A New Statistical Model of Star Speckles for Learning to Detect and Characterize Exoplanets in Direct Imaging Observations

TL;DR

This work tackles the challenge of detecting and characterizing exoplanets in direct imaging by modeling the nuisance speckle field with a multi-scale, convolutional statistical framework that exploits rotational and spectral symmetries. It couples this interpretable statistical model with an end-to-end learnable prior, enabling simultaneous detection and flux/position estimation while providing uncertainty quantification.
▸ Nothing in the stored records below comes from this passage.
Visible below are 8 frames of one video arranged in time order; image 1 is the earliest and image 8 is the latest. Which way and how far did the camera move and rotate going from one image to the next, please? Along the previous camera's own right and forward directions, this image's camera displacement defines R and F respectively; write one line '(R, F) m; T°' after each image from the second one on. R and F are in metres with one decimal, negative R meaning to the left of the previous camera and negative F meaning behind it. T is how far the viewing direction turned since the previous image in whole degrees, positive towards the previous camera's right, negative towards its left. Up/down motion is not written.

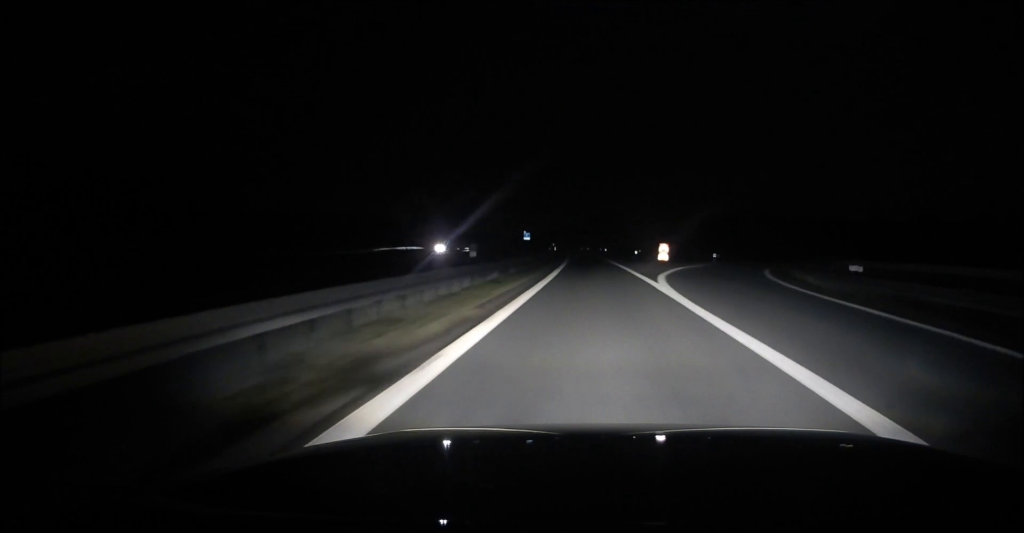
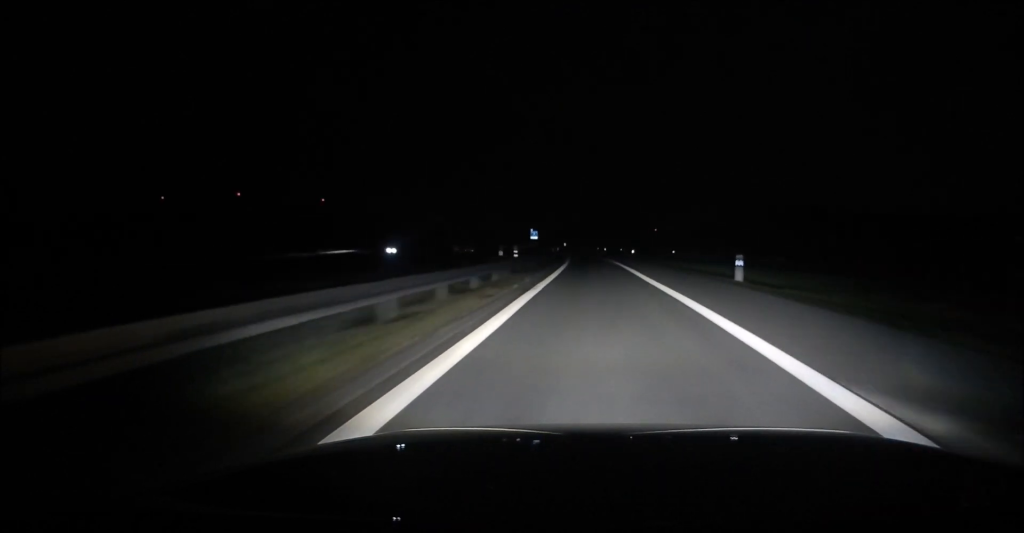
(-0.5, +45.3) m; -1°
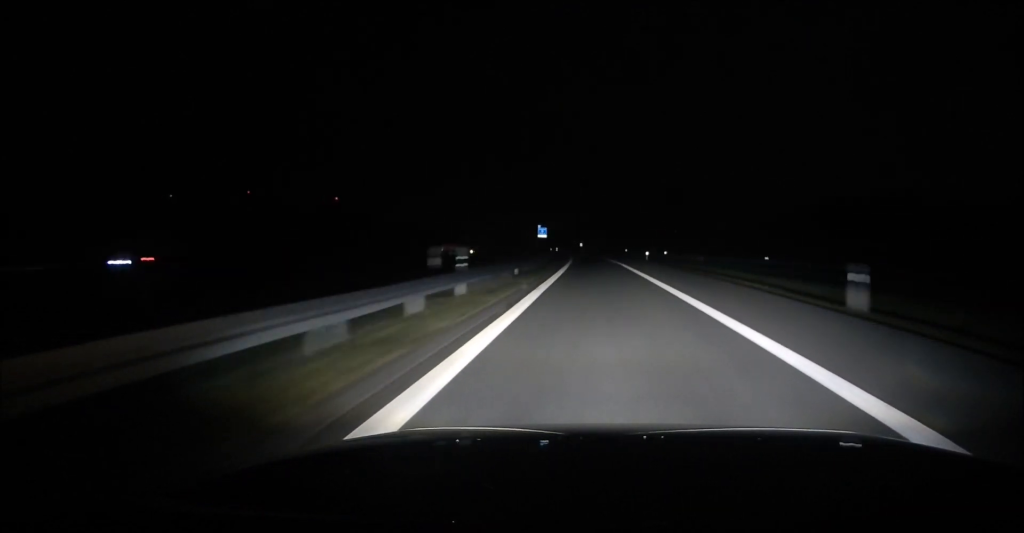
(-0.8, +62.4) m; -2°
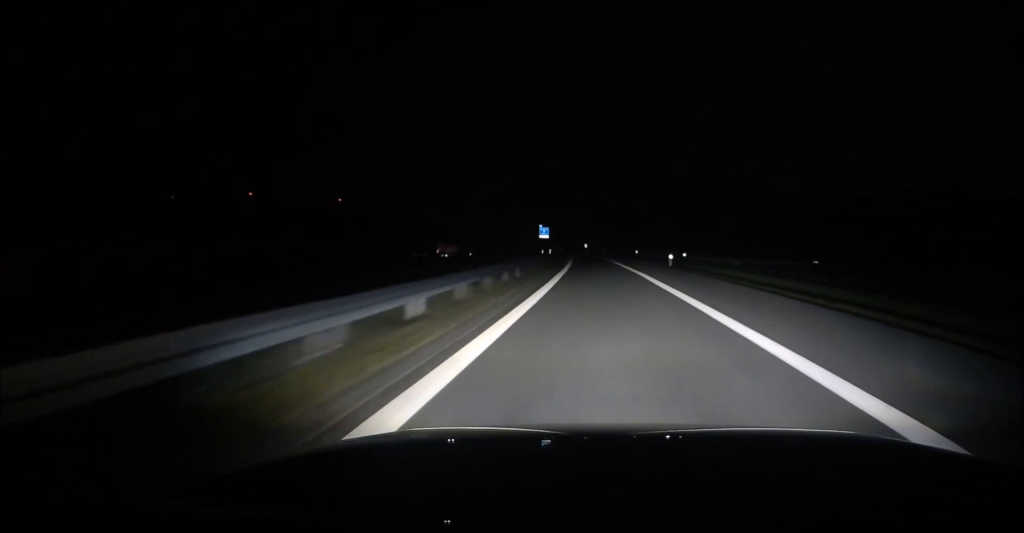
(0.0, +16.0) m; -1°
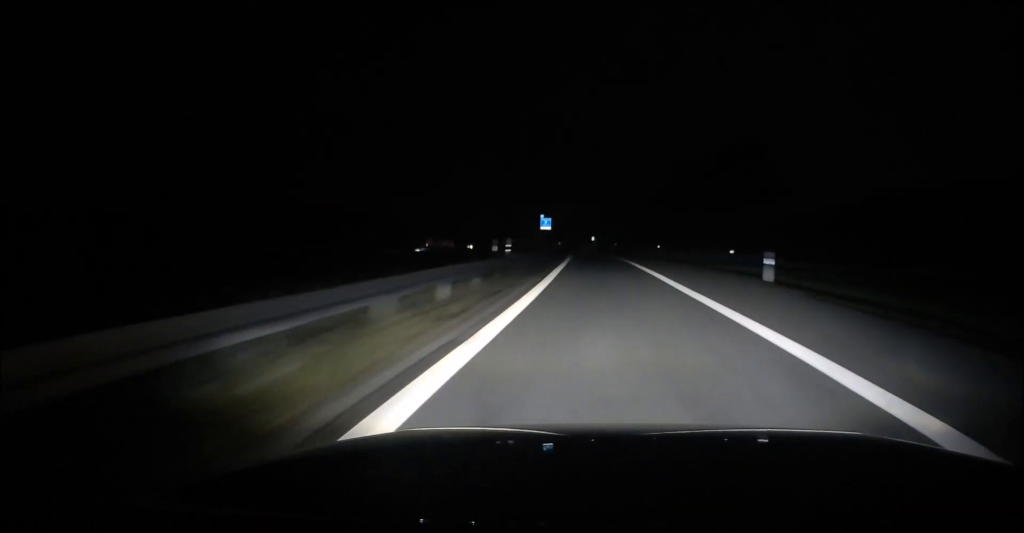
(-0.2, +25.6) m; -1°
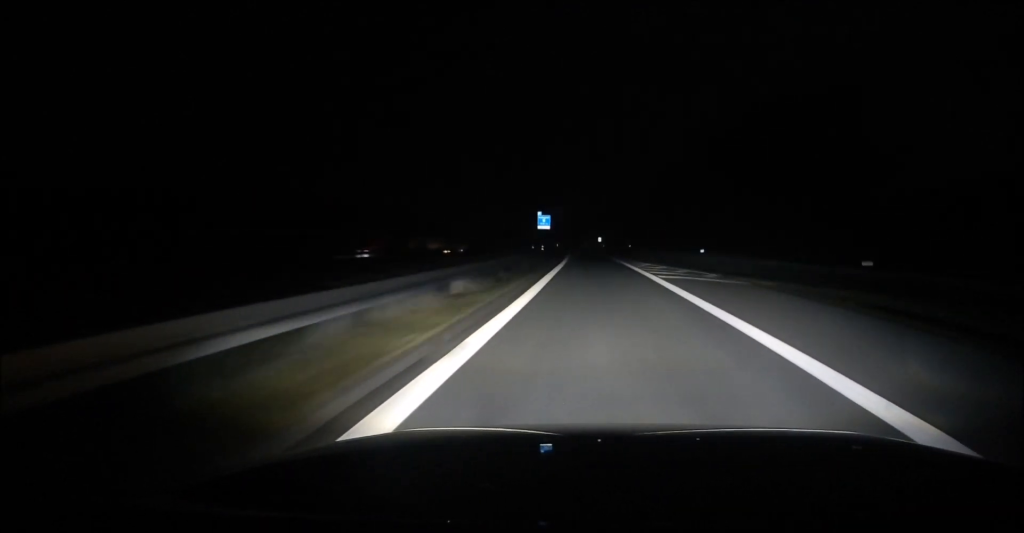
(-0.4, +30.1) m; -1°
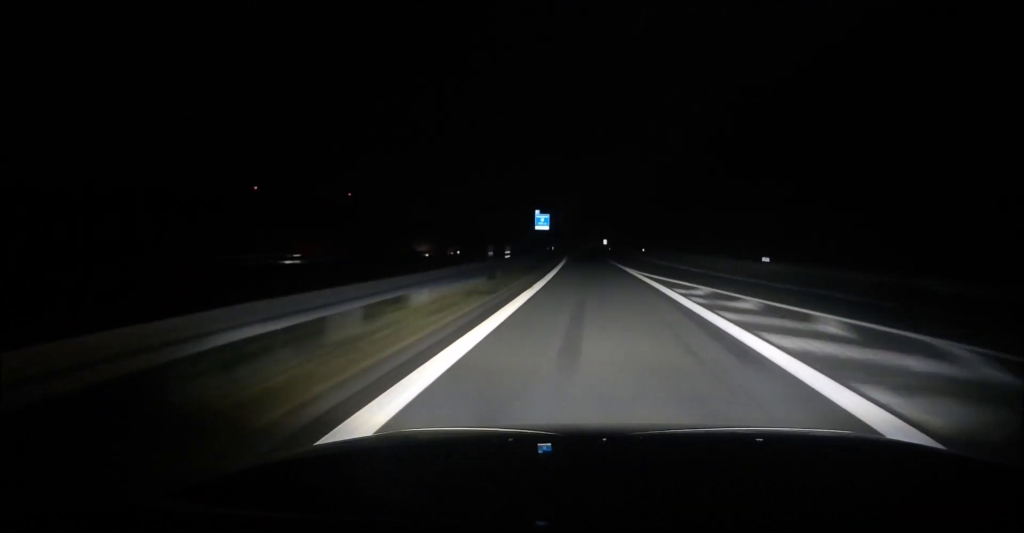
(0.0, +17.9) m; -1°
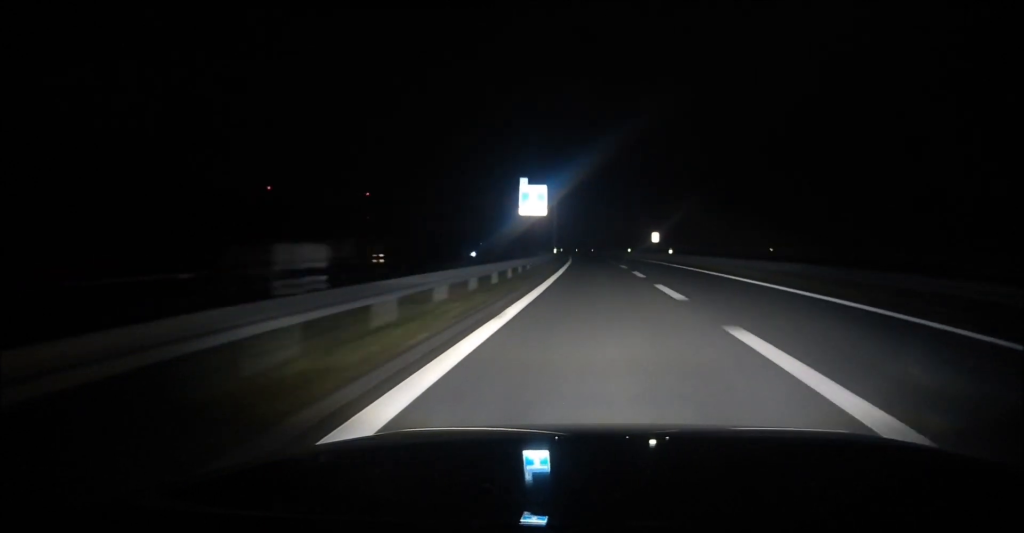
(-1.3, +69.9) m; -2°

The method demonstrates improved detection performance, especially in ASDI data, and robust flux/position estimates across varied data quality, validated on SPHERE/VLT datasets and synthetic injections, with calibration to control false-alarm rates. The approach is computationally efficient, scalable to large surveys, and extensible to higher spectral resolution and extended structures like circumstellar disks.

Abstract

The search for exoplanets is an active field in astronomy, with direct imaging as one of the most challenging methods due to faint exoplanet signals buried within stronger residual starlight. Successful detection requires advanced image processing to separate the exoplanet signal from this nuisance component. This paper presents a novel statistical model that captures nuisance fluctuations using a multi-scale approach, leveraging problem symmetries and a joint spectral channel representation grounded in physical principles. Our model integrates into an interpretable, end-to-end learnable framework for simultaneous exoplanet detection and flux estimation. The proposed algorithm is evaluated against the state of the art using datasets from the SPHERE instrument operating at the Very Large Telescope (VLT). It significantly improves the precision-recall trade-off, notably on challenging datasets that are otherwise unusable by astronomers. The proposed approach is computationally efficient, robust to varying data quality, and well suited for large-scale observational surveys.

Figures (11)

• Figure A: Left: typical observations $\boldsymbol{y}$ and PSF $\boldsymbol{h}$ from the SPHERE instrument in ASDI mode. The synthetic exoplanet is very bright for illustration purposes. Right: temporal slice along the vertical line.
• Figure B: Workflow of the proposed method: it exploits both the spectral behavior of speckles and the apparent motion of exoplanets to disentangle the exoplanet signal from the nuisance component in the observations $\boldsymbol{y}$. To achieve this, local patches of the nuisance are modeled as Gaussian distributions, leveraging problem symmetries and incorporating multiple scales. These patches are fed to our convolutional statistical model, and combined to form a detection map. Additionally, a learned object prior, represented by a UNet $f_\nu$, is introduced to denoise this detection map produced by the statistical model. This approach results in an end-to-end learnable architecture.
• Figure C: Proposed convolutional statistical model: spectrally aligned speckles patches, indexed by $j$, with dimensions $Np$ and $CT$ samples, are first linearly projected into a lower-dimensional space of size $m$. In this space, the parameters of the Gaussian distribution $\widehat{\boldsymbol{m}}_j$ and $\widehat{\mathbf{C}}_j$ are estimated and subsequently combined with the PSF $\boldsymbol{h}$ to compute the terms $\boldsymbol{a}^{(j)}$ and $\boldsymbol{b}^{(j)}$. As detailed in Appendix \ref{['sec:conv_ab']}, the efficient computation of $\boldsymbol{a}^{(j)}$ relies on the Cholesky decomposition of the precision matrix $\widehat{\mathbf{C}}^{-1}_j$.
• Figure D: Detection maps on observations of HD 159911 star with synthetic exoplanets. The (calibrated) detection threshold is equivalent for all methods. The proposed approach here detect 1 additional source compared to the second best method (PACO ASDI).
• Figure E: Detection maps on 3 observations (stacked in false RGB colors) of HR 8799 star. The elliptical arcs depict the estimated (projected) orbits of three known exoplanets, with the detection results shown as red, green and blue dots for the corresponding 2016, 2018 and 2021 observations. Squares are for false alarms identified in bodrito2024model, Fig. 17.